A pilgrim is defined as one who travels to a shrine or holy place as a devotee[1] and the term pilgrimage is the journey of a pilgrim, which has been in use since the 1300s. Mother Hamilton recommended the book, “The Way of the Pilgrim,” which chronicles a Russian itinerate traveler who is inspired by St. Paul’s admonition to pray without ceasing. In the forward by Father Thomas Hopko he writes:

“…life is communion with God: personal, direct, immediate, real, painful, peaceful, and joyful. It tells us that ceaseless prayer in pursuit of God and communion with Him is not simply life’s meaning or goal, the one thing worth living for, but it is life itself. It tells us that Jesus Christ is this life, and that constant, continual, ceaseless prayer in His name opens the door to Divine reality and puts us in immediate contact with the One who is the source, substance, and goal of our life, and our very life itself.”

It is living in this “Divine reality” that guides and directs me in all my ways, and now it takes me back to the land Yoganandaji so beautifully described and were the last words he uttered in his divine incarnation as he entered Mahasamadhi:

“The borderland of my India expanding into the world.

Hail, mother of religions, lotus, scenic beauty, and sages!

Thy wide doors are open,

Welcoming God’s true sons through all the ages,

Where Ganges, woods, Himalayan caves and men dream God.

I am hallowed; my body touched that sod!” [2]

When Swami Ramdas began his pilgrimage he was told inwardly that God, his Ram, was taking him all over India:

“If it was for sadhana, why should he go elsewhere? He could have practiced at home. Still God wanted him to go. Ramdas did not ask Him why he was being taken away, but He Himself whispered in Ramdas’s ear: ‘Ramdas, I am taking you from place to place not because you have to renounce everything, but because you have to see that everything is My form. You have to go to householders and tell them that they need not renounce worldly life in order to realize Me.”’[3]
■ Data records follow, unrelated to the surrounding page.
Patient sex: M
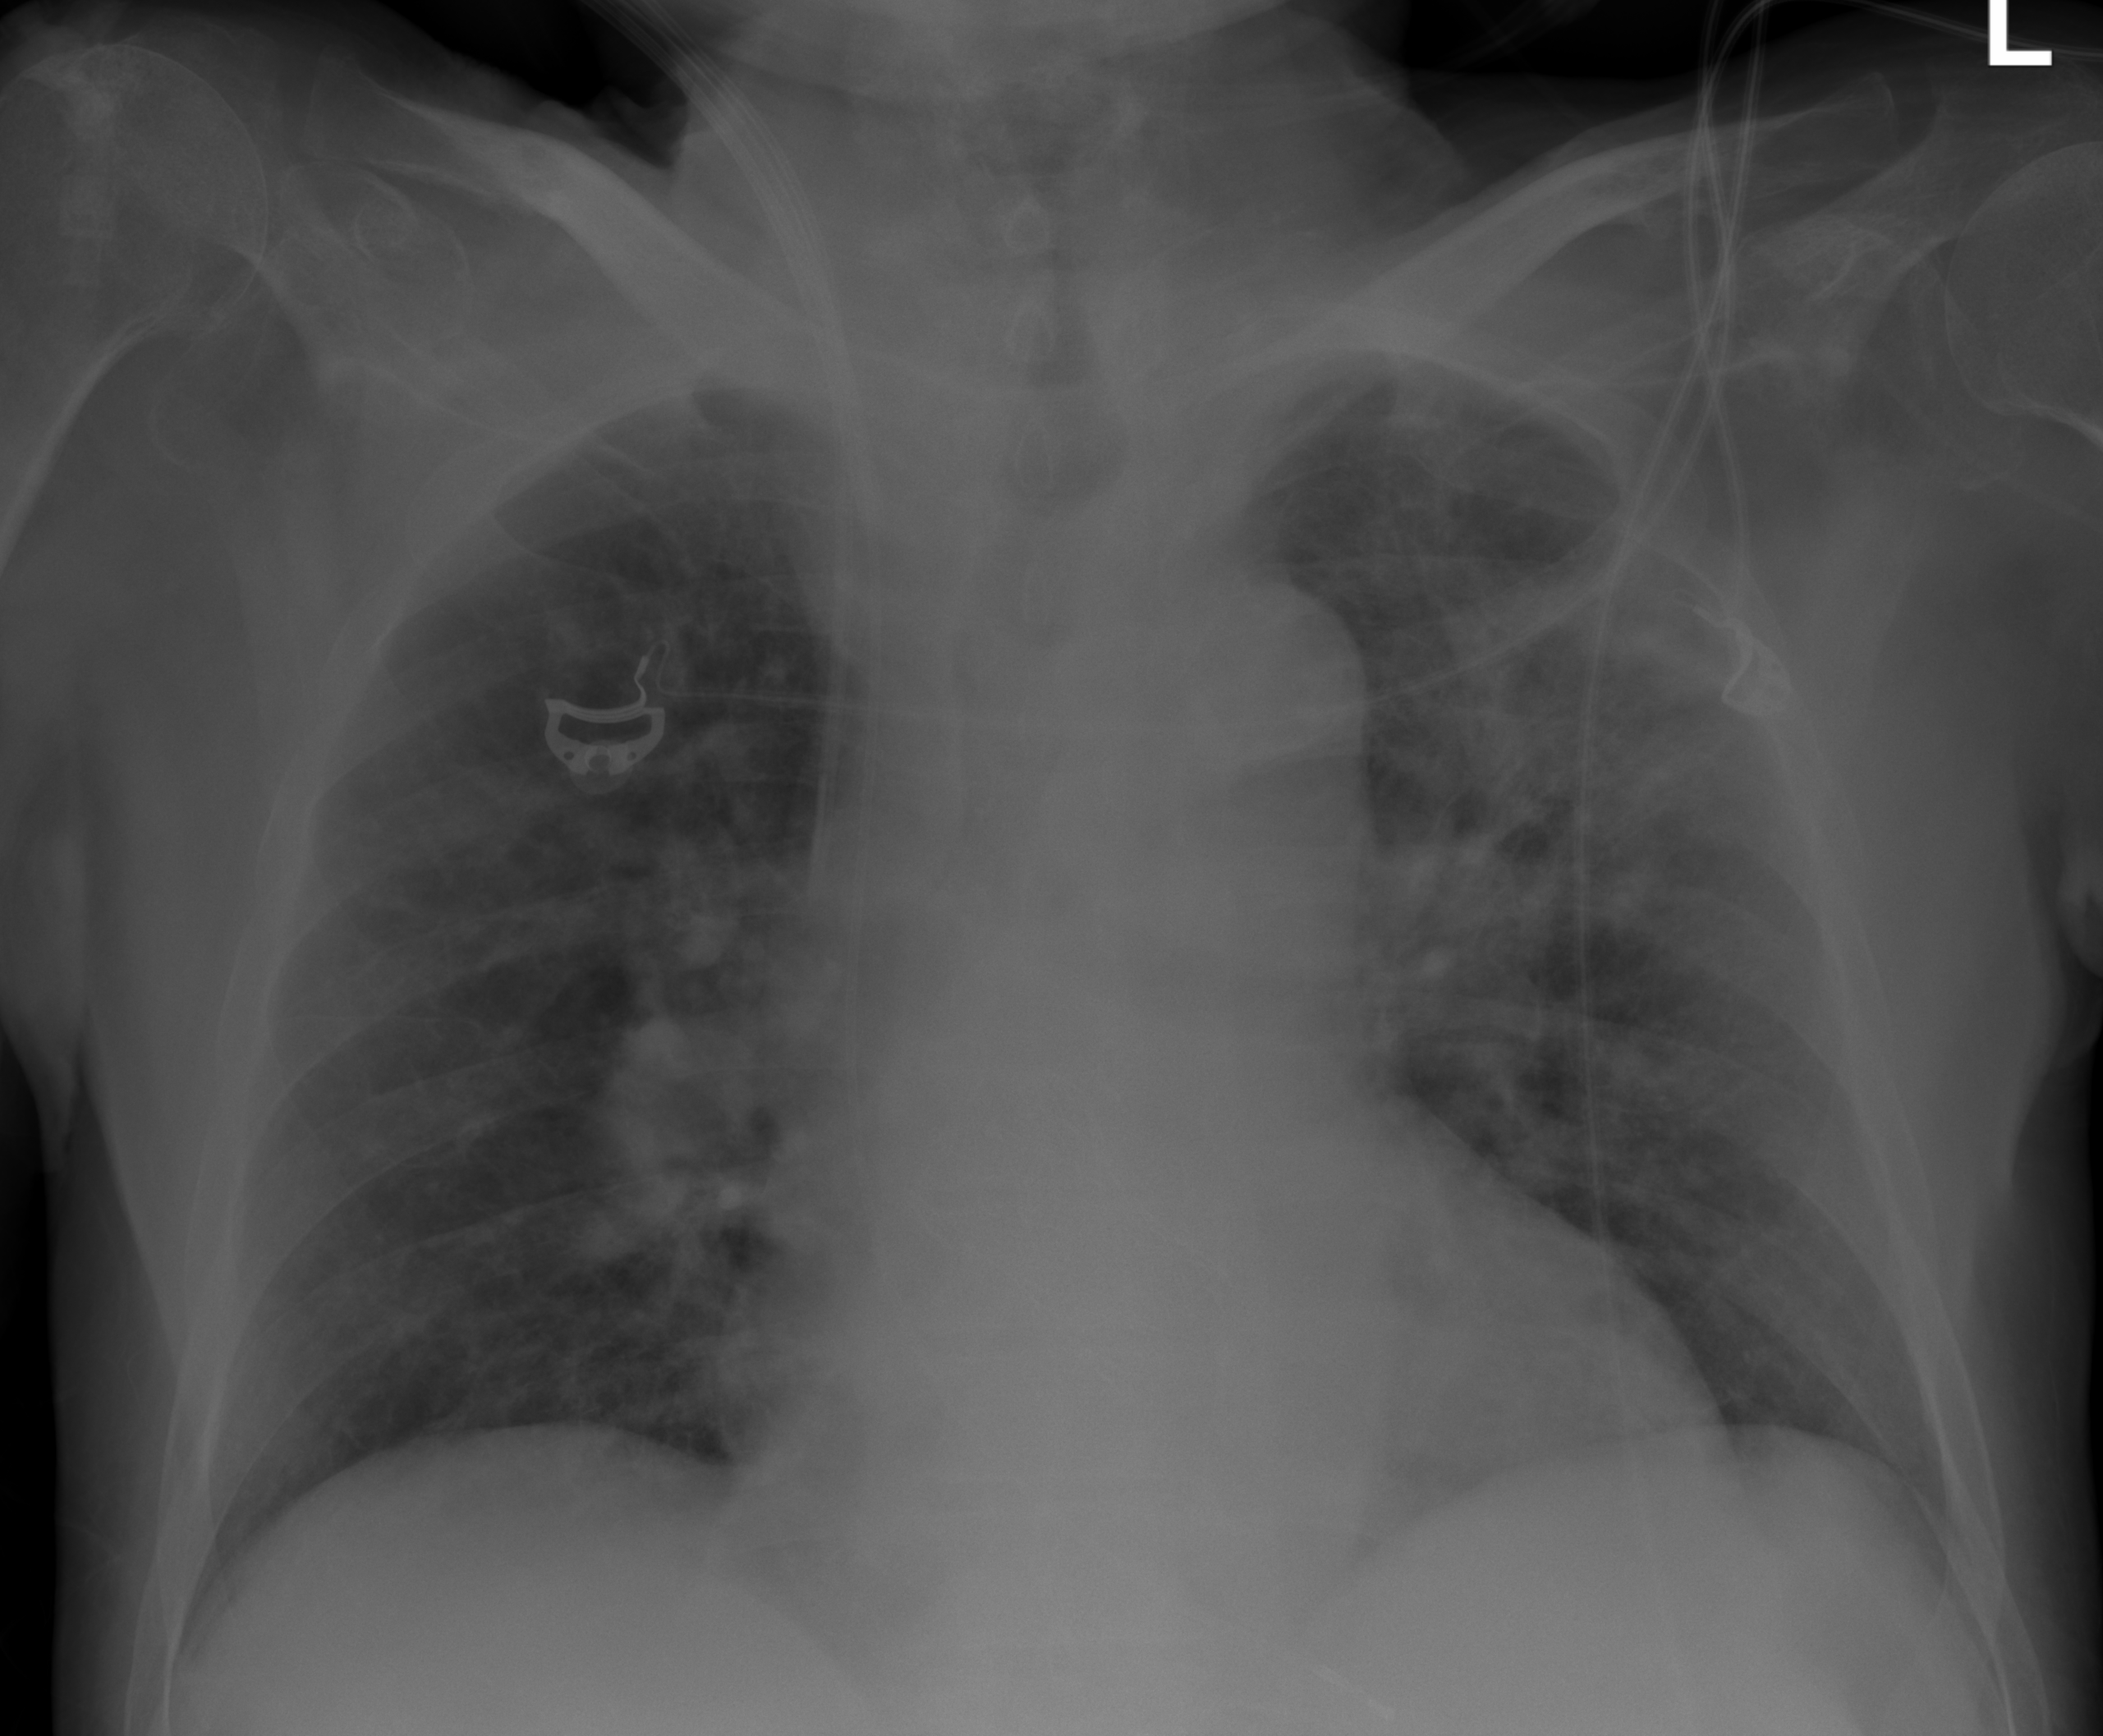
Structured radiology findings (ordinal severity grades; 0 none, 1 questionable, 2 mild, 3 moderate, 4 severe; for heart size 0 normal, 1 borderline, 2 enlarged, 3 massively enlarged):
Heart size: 2
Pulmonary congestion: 2
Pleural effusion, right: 0
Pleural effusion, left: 0
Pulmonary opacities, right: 0
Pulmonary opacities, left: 3
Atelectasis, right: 0
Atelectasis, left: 0

To begin with the right attitude and maintain it throughout the pilgrimage yields the greatest, the highest results; even as Papa so lovingly and dedicatedly followed to the letter his Ram’s every command.

This is the fifth time that I have been directed to India; a spiritual homeland for me. Besides the tremendous ideals of Yoga, such as articulated in the Bhagavad Gita, that have so deeply inspired me, there are also the holy sites and saints whose darshan I have been blessed with.

When I left Anandashram last, Swami Satchidananda, my second spiritual mother, said it was unlikely that we would meet again in the body. True to his word, he left the body since that last meeting. It was heart wrenching to leave him at that time, but I felt the inner direction to return to all of you, and I left with his kind permission.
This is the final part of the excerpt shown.